◆ About this exercise ◆
Repeat the entries without change, omitting the pictures.

◆ Extracted data ◆

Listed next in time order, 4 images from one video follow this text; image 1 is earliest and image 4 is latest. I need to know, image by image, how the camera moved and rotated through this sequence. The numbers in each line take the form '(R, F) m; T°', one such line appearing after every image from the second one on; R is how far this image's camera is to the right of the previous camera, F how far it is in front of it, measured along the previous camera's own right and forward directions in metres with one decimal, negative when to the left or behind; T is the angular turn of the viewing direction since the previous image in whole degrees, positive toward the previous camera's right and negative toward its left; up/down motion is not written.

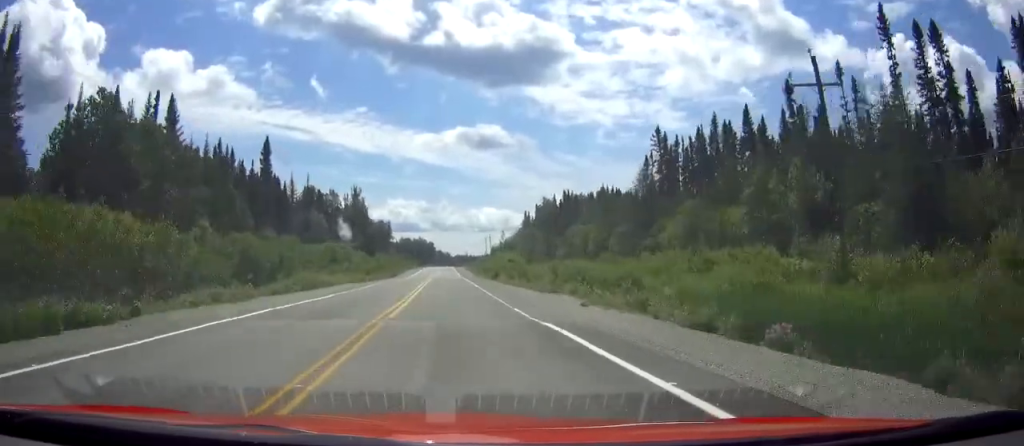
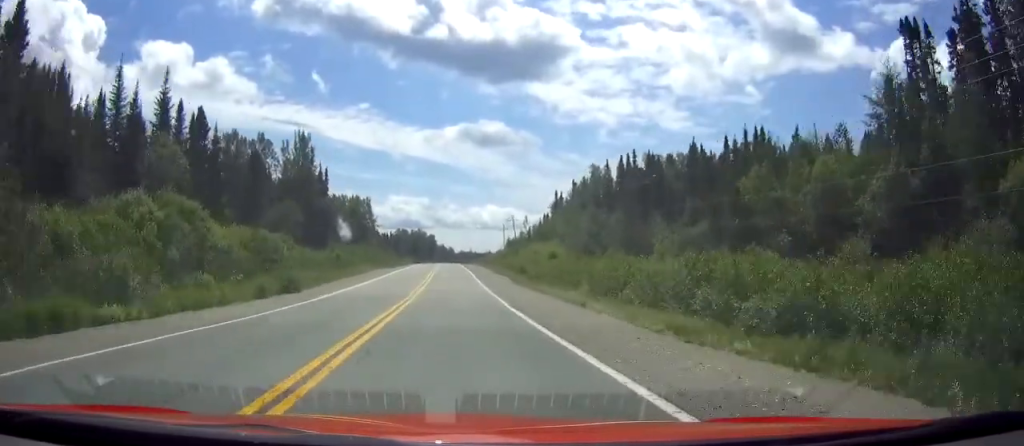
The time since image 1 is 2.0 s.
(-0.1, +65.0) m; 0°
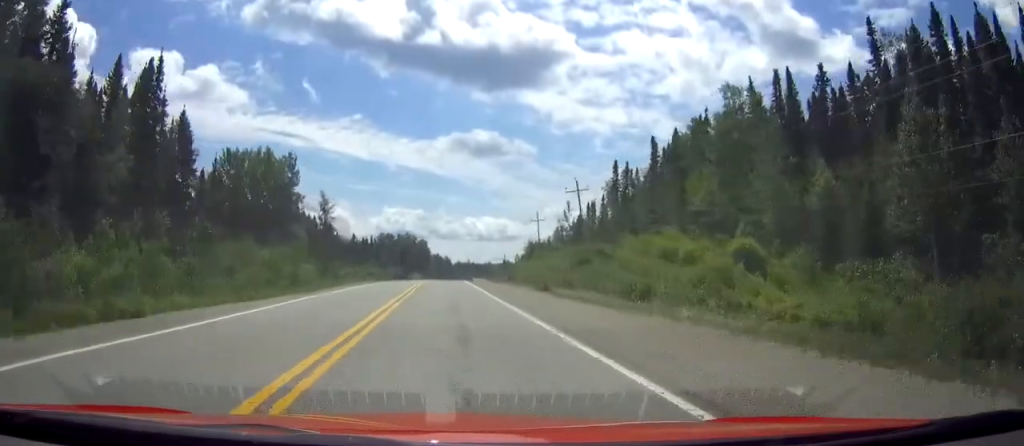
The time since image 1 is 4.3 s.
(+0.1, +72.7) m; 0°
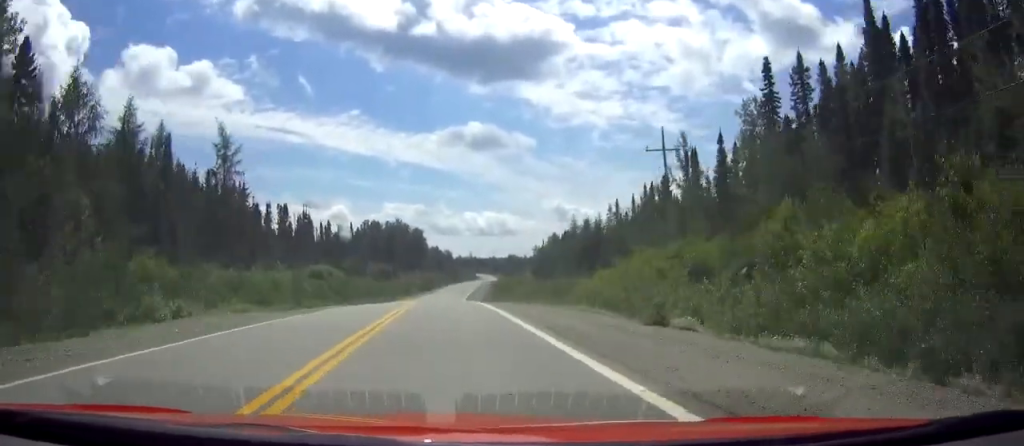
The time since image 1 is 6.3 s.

◆ Your solution ◆
Listed next in time order, 4 images from one video follow this text; image 1 is earliest and image 4 is latest. I need to know, image by image, how the camera moved and rotated through this sequence. The numbers in each line take the form '(R, F) m; T°', one such line appearing after every image from the second one on; R is how far this image's camera is to the right of the previous camera, F how far it is in front of it, measured along the previous camera's own right and forward directions in metres with one decimal, negative when to the left or behind; T is the angular turn of the viewing direction since the previous image in whole degrees, positive toward the previous camera's right and negative toward its left; up/down motion is not written.

The time since image 1 is 2.0 s.
(-0.1, +65.0) m; 0°
The time since image 1 is 4.3 s.
(+0.1, +72.7) m; 0°
The time since image 1 is 6.3 s.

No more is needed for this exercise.